# Revelation 22:18-19 and Paraphrase Translations



## Michael (Sep 20, 2009)

_I warn everyone who hears the words of the prophecy of this book: if anyone adds to them, God will add to him the plagues described in this book, and if anyone takes away from the words of the book of this prophecy, God will take away his share in the tree of life and in the holy city, which are described in this book. (Rev 22:18-19)_

Would anyone care to share thoughts as to how this passage might apply to the paraphrase translations of our day?

What say ye?


----------



## toddpedlar (Sep 20, 2009)

Michael Turner said:


> _I warn everyone who hears the words of the prophecy of this book: if anyone adds to them, God will add to him the plagues described in this book, and if anyone takes away from the words of the book of this prophecy, God will take away his share in the tree of life and in the holy city, which are described in this book. (Rev 22:18-19)_
> 
> Would anyone care to share thoughts as to how this passage might apply to the paraphrase translations of our day?
> 
> What say ye?



While I have extreme distaste for the paraphrases of the day, I wouldn't say they fail this test *except when they are promoted as or taken to BE Scripture.* I paraphrase Scripture when I teach it in Sunday School, and even to a degree when preaching. I definitely paraphase it when I'm teaching my children at home - putting it into words that help them understand what God is saying in His word. That being said, when a paraphrase is billed as God's Word, that is when I believe there are problems that are associated with violations of this command. I cringe at the knowledge of some of my friends who are pastors that use things like "The Message" in their preaching - and even use it as the text read and commented upon in their sermons.


----------



## PointingToChrist (Sep 20, 2009)

Because we are translating from the original languages, every translation is a paraphrase to some degree.

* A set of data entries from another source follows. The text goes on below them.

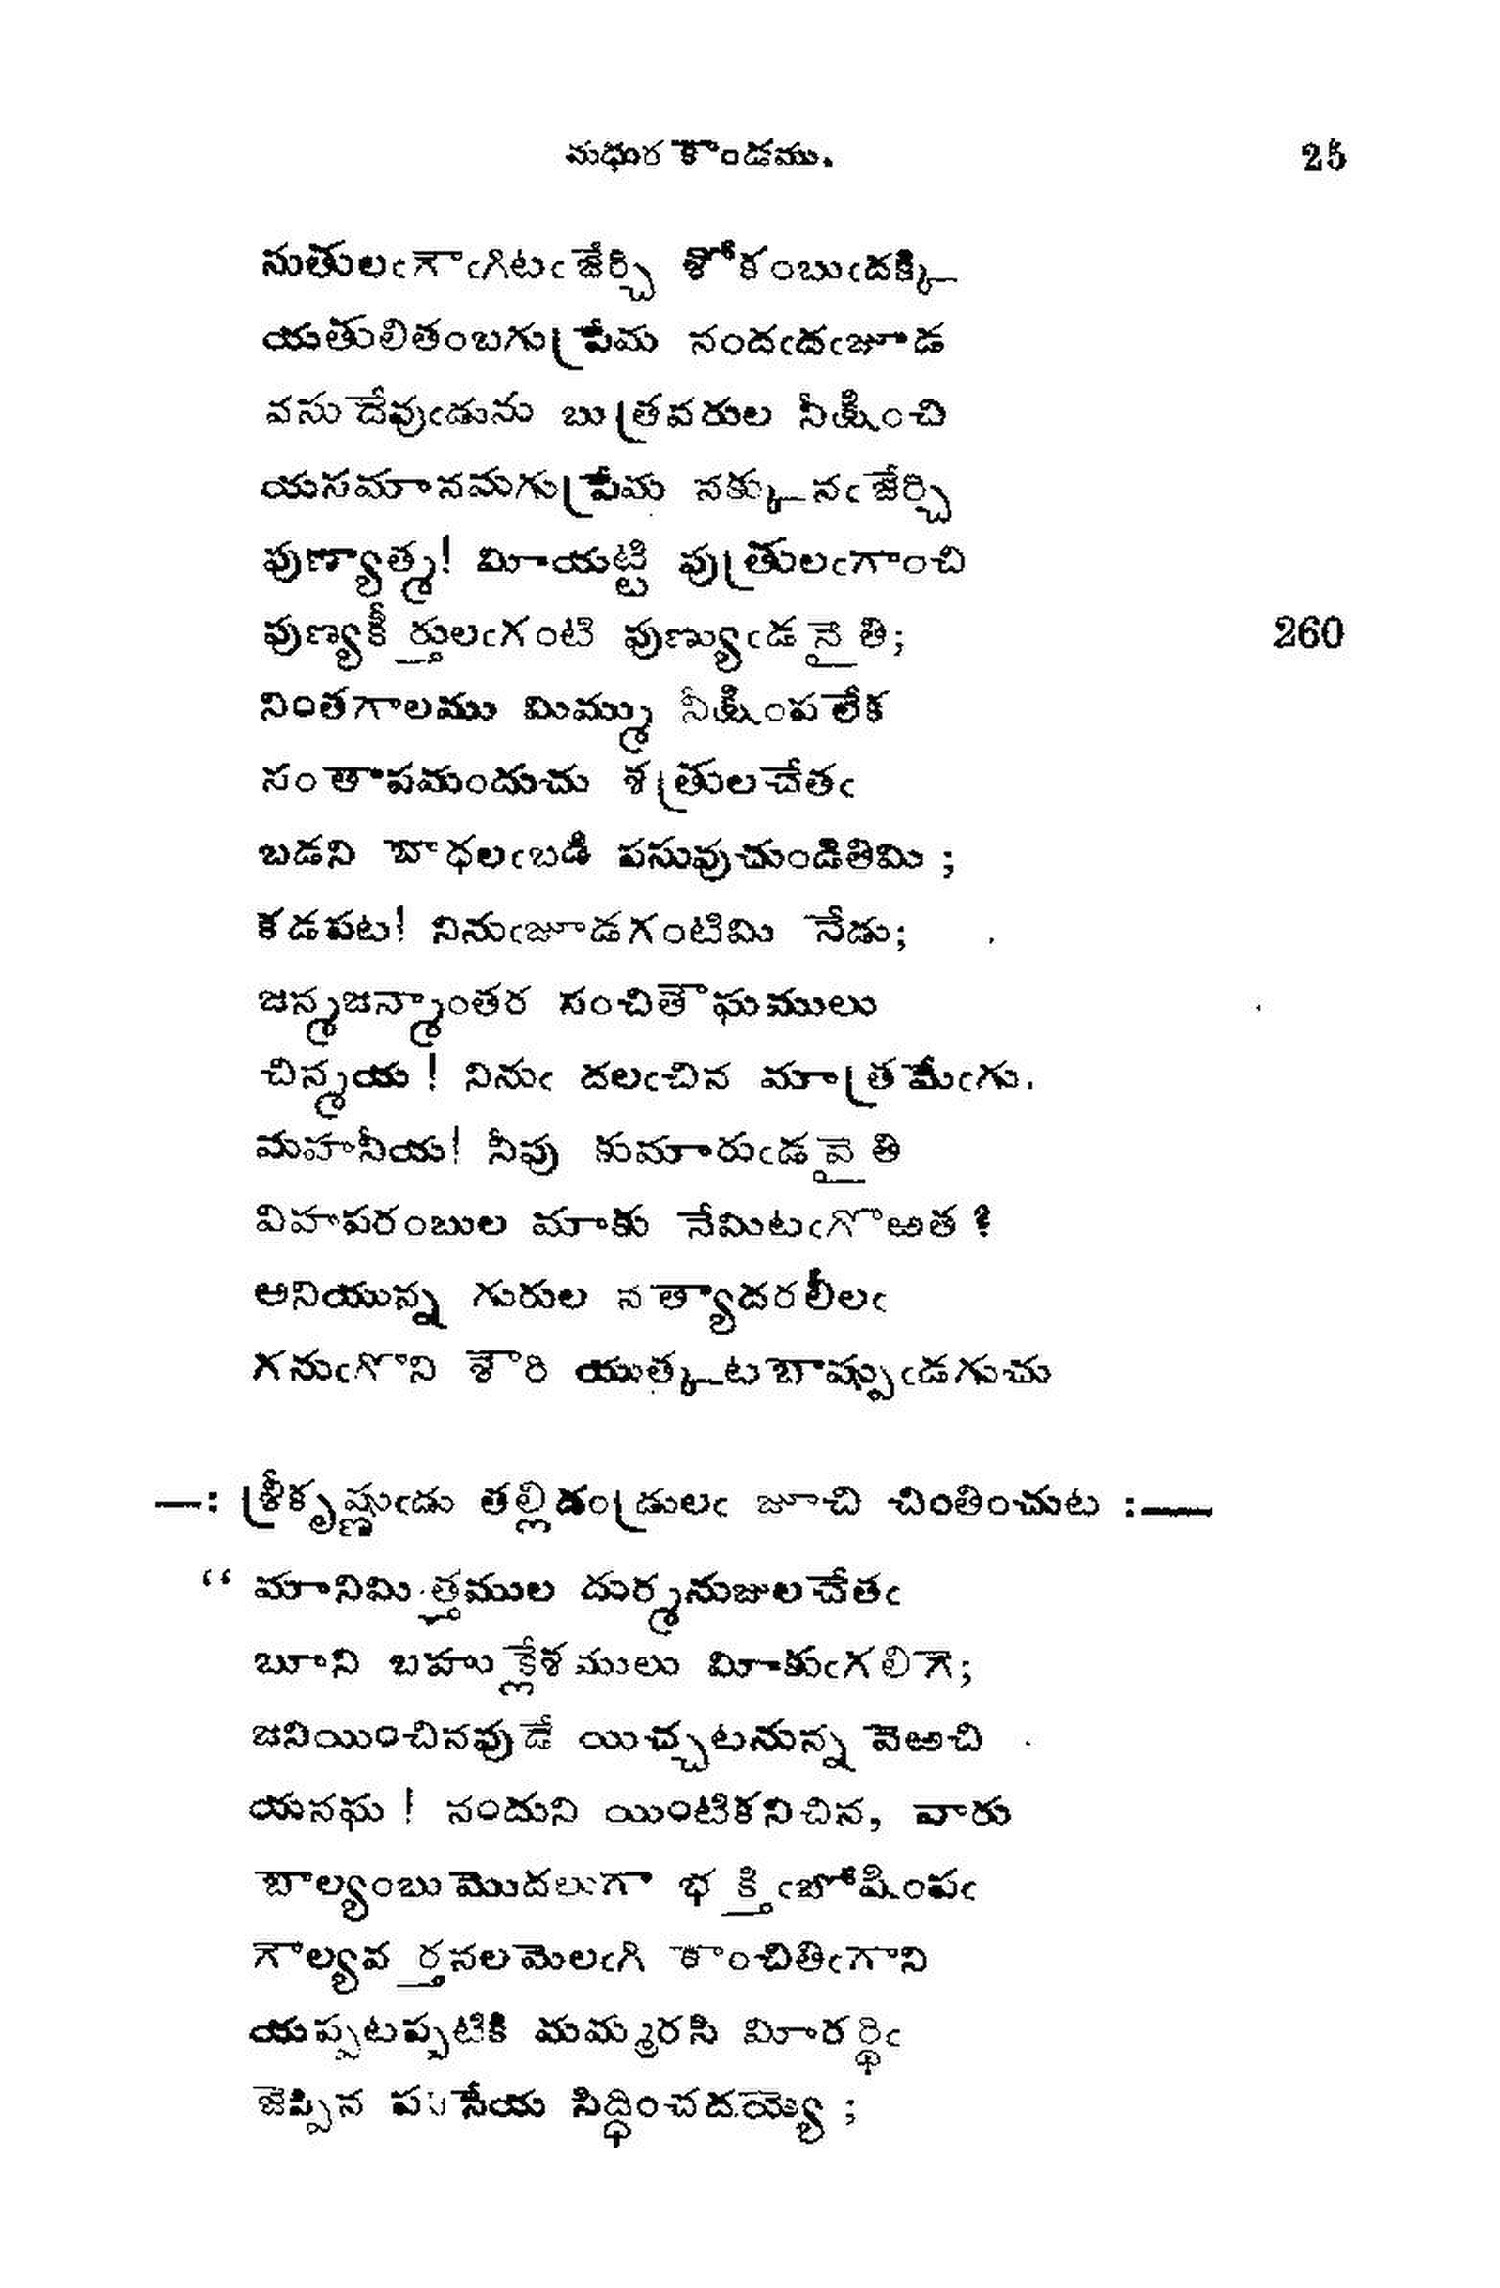సుతులఁ గౌఁగిటఁ జేర్చి శోకంబుఁ దక్కి
యతులితంబగు ప్రేమ నందఁదఁ జూడ
వసుదేవుఁడును బుత్రవరుల నీక్షించి
యసమానమగుప్రేమ నక్కునఁ జేర్చి
“పుణ్యాత్మ! మీయట్టి పుత్రులఁ గాంచి
పుణ్యకీర్తులఁ గంటి పుణ్యుఁడ నైతి;
నింతగాలము మిమ్ము నీక్షింపలేక
సంతాపమందుచు శత్రులచేత
బడని బాధలఁ బడి పసువుచుండితిమి;
కడపట! నినుఁ జూడగంటిమి నేడు;
జన్మజన్మాంతరసంచితౌఘములు
చిన్మయ! నినుఁ దలఁచిన మాత్రమేఁగు.
మహనీయ! నీవు కుమారుఁడ వైతి
విహపరంబుల మాకు నేమిటఁ గొఱత?”
అనియున్న గురుల నత్యాదరలీలఁ
గనుఁగొని శౌరి యుత్కటబాష్పుఁ డగుచు

“మానిమిత్తముల దుర్మనుజులచేతఁ
బూని బహుక్లేశములు మీకుఁ గలిగె;
జనియించినపుడే యిచ్చటనున్న వెఱచి
యనఘ! నందునియింటి కనిచిన, వారు
బాల్యంబు మొదలుగా భక్తిఁ బోషింపఁ
గౌల్యవర్తనల మెలఁగి కాంచితిఁ గాని
యప్పటప్పటికి మమ్మరసి మీ రర్ధిఁ
జెప్పిన పనిసేయ సిద్ధించదయ్యె;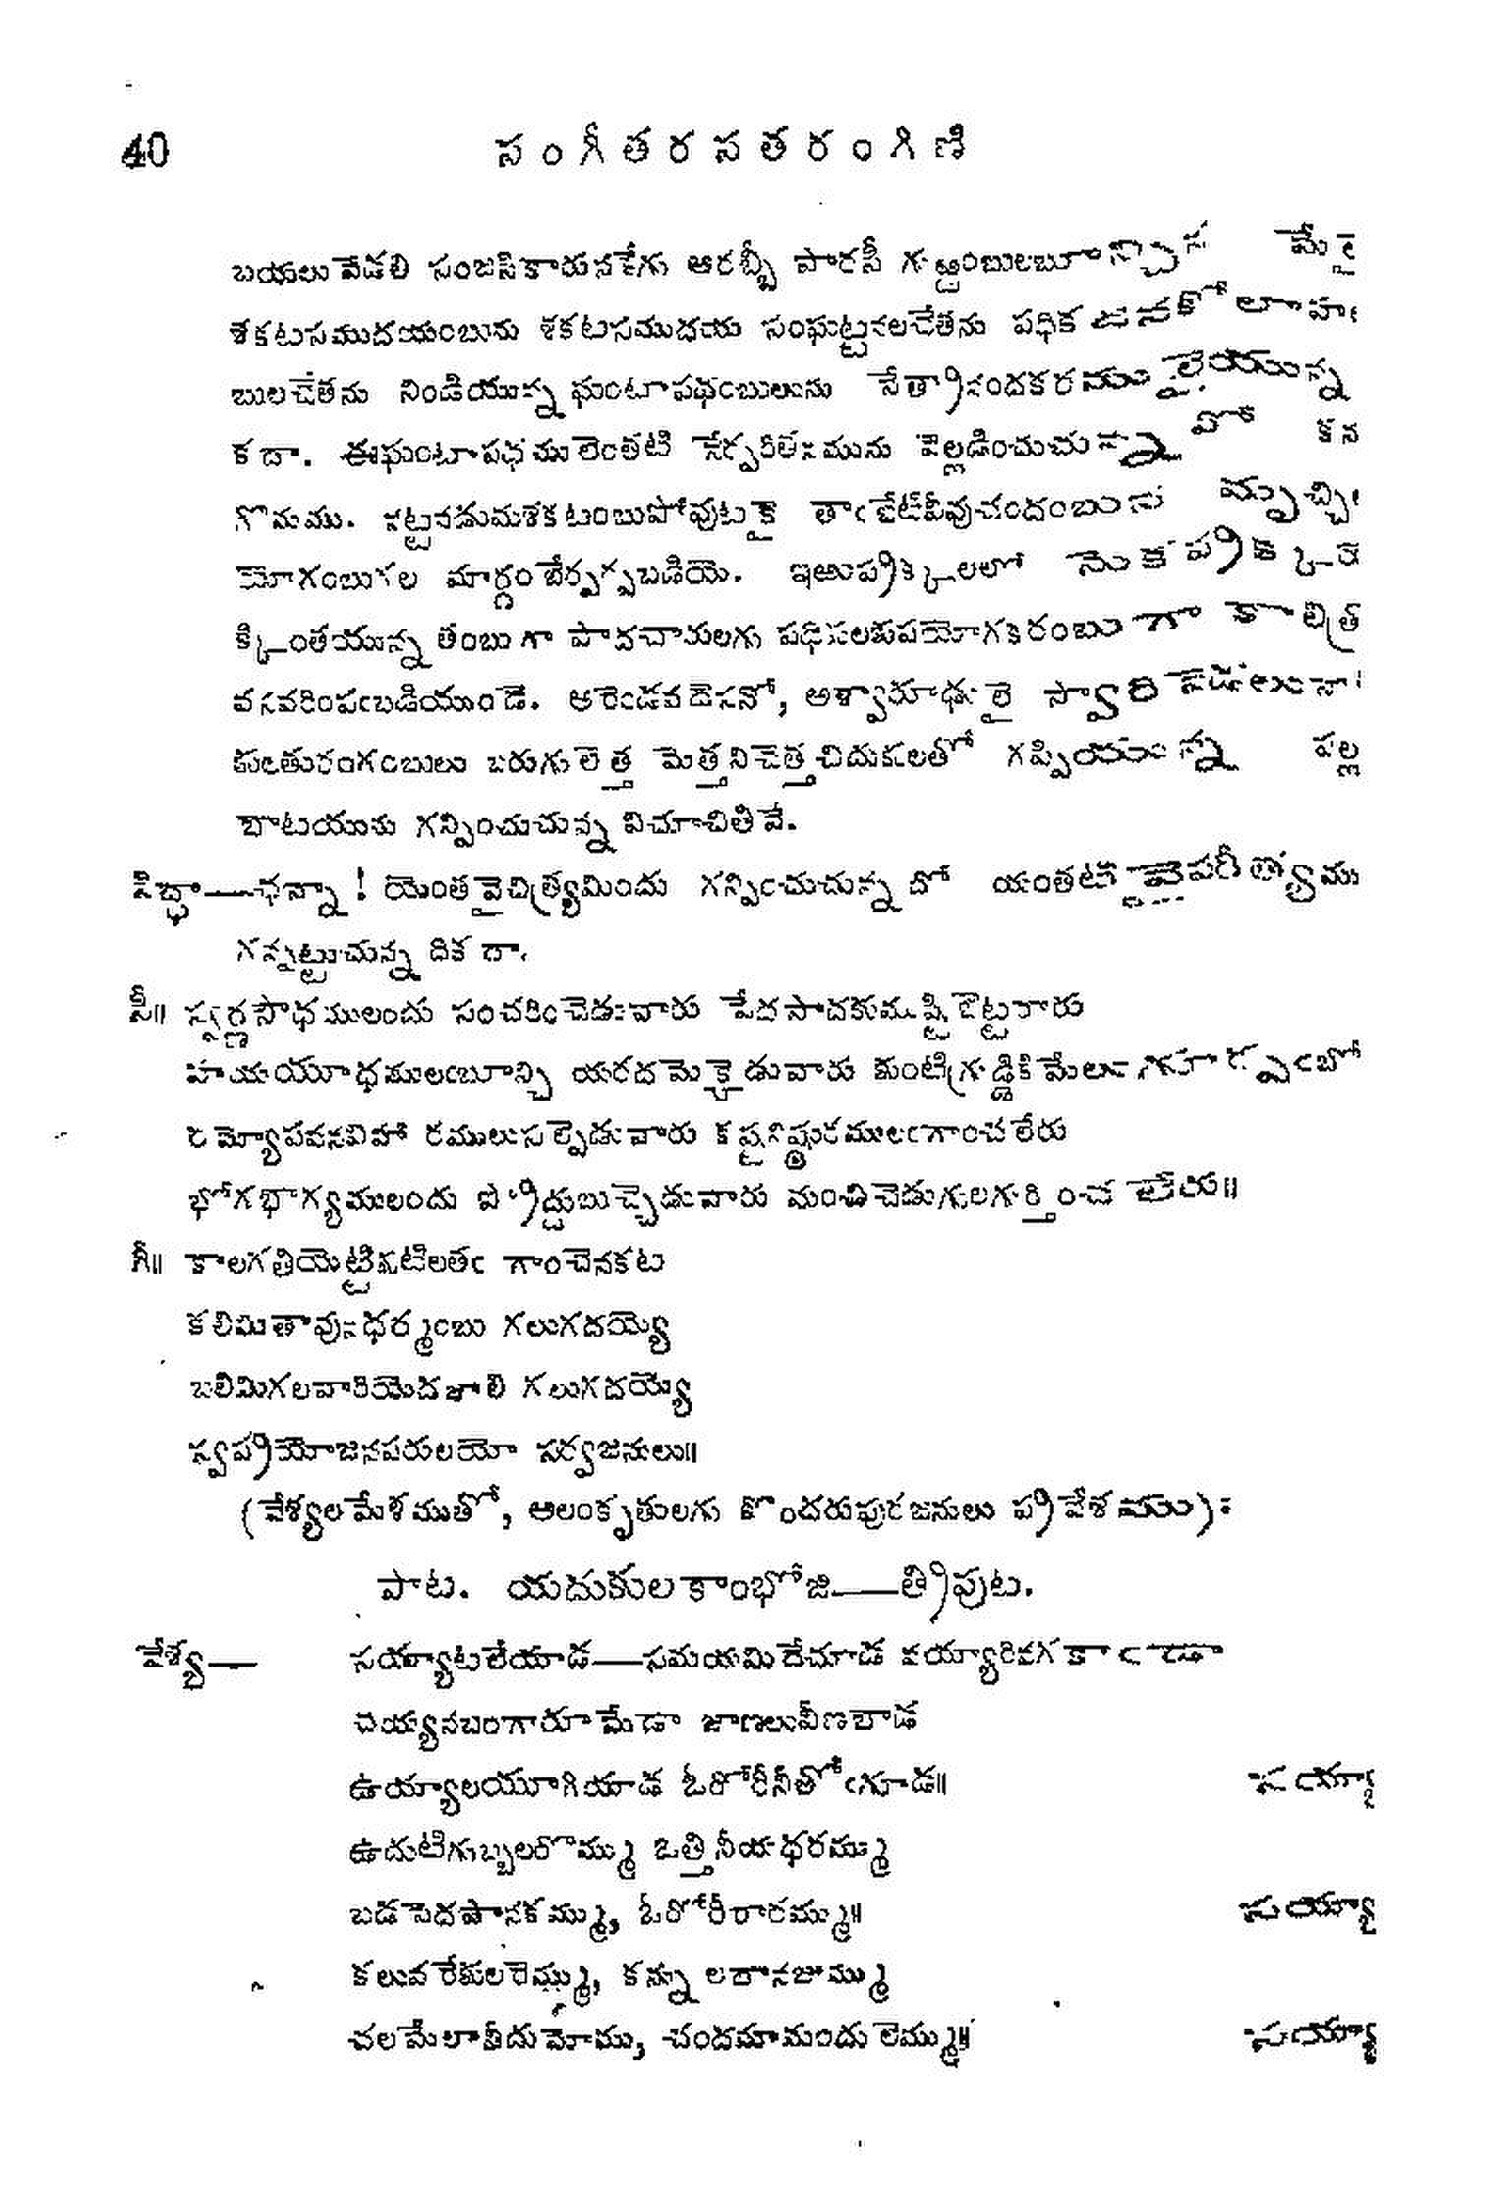బయలు వెడలి సంజసి కారునగేగు అరబ్బీ పారసీ గుజ్జంబులబూన్చిన మేలై శకటసముదయంబుకు శకటసముదయ సంఘట్టనలచేతను పధిక జనకోలాహ!బులచేతను నిండియున్న ఘంటాపథంబులును నేత్రానందకరములైయున్న కదా. ఈఘంటాపథములెంతటి నేర్పరి 
తనమును వెల్లడించుచున్నావొ కనగొనుము. నట్టనడుమశకటంబుపోవుటకై తాఁబేటీవీపుచందంబున మృచ్చిమోగంబుగల మార్గం 
బేర్పగ్పబడియె. ఇఱుప్రక్కలలో నొకానొక్కరే క్కింతయున్నతంబుగా పాదచారులకు పధిసలకుపయోగకరంబుగా క్రాలితో వ్యవరింపఁబడి యుండె. అరెండపదెసనో, అశ్వారూఢులై స్వారివేడులునా! కులతురంగంబులు జరుగులెత్త మెత్తనిచెత్తచిదుకులతో గ్రప్పియున్న 
పల్ల బాటయును గన్పించుచున్నవి చూచితినే.

సిద్ధా — ఛన్నా! యెంతవైచిత్య్రమిందు గన్పించుచున్నదో యంతటి వైపరీత్యము గొన్నట్టుచున్నది కదా.

సీ॥ స్వర్ణసౌధములందు సంచరించెడువారు పేదసాదకునుముష్టిబెట్టరారు 
గూర్ప హియయూధములఁబూన్చి యరదమెకైడువారు కుంటిగ్రడ్డికి మేలుగూర్పఁబో
రమ్యోపవనవిహారములుసల్పెడువారు కష్టనిష్ఠురములఁగాంచలేరు
భోగభాగ్యములందు ప్రొద్దుబుచ్చెడువారు నుంచిచెడుగులగుర్తించ లేరు॥ 

గీ॥ కాలగతియెట్టికుటిలతఁ గాంచెనకట
కలిమితావు:ధర్మంబు గలుగ దయ్యె
బలిమిగలవారియెదజాలి గలుగదయ్య
స్వప్రయోజనపరులయో సర్వజనులు॥ 

సయ్యాటలేయాడ—సమయమిదేచూడ వయ్యారివగకండ కాండా 
చెయ్యనబంగారూమేడా జాణలువీణబాడ
ఉయ్యాలయూగియాడ ఓరోరీనితోఁ గూడ॥ ॥సయ్య॥ 
ఉదుటిగుబ్బలరొమ్ము ఒత్తినీయధరమ్ము॥
బడపెదపానకమ్ము, ఓరోరీరారమ్ము॥ ॥సయ్య॥ 
కలువరేకులరెమ్ము, కన్నులదానజుమ్ము
చలమేలావీదుమోము, చందమామందులెమ్ము ॥సయ్య॥

I believe if the language conveys the correct word or thought, we're in business. However, that's the rub - word for word or thought for thought?


----------



## Jake (Sep 20, 2009)

For example, my pastor said today (I'm trying not to paraphrase here, this is as verbatim as I recall it  ):

Don't bother trying to follow along today, I am going to be reading from Eugene Peterson's translation of the Holy Scriptures. Yes it is a translation, it is not a paraphrase; it is a translation from the original languages. 

He then proceeded to read and somewhat exposit.


----------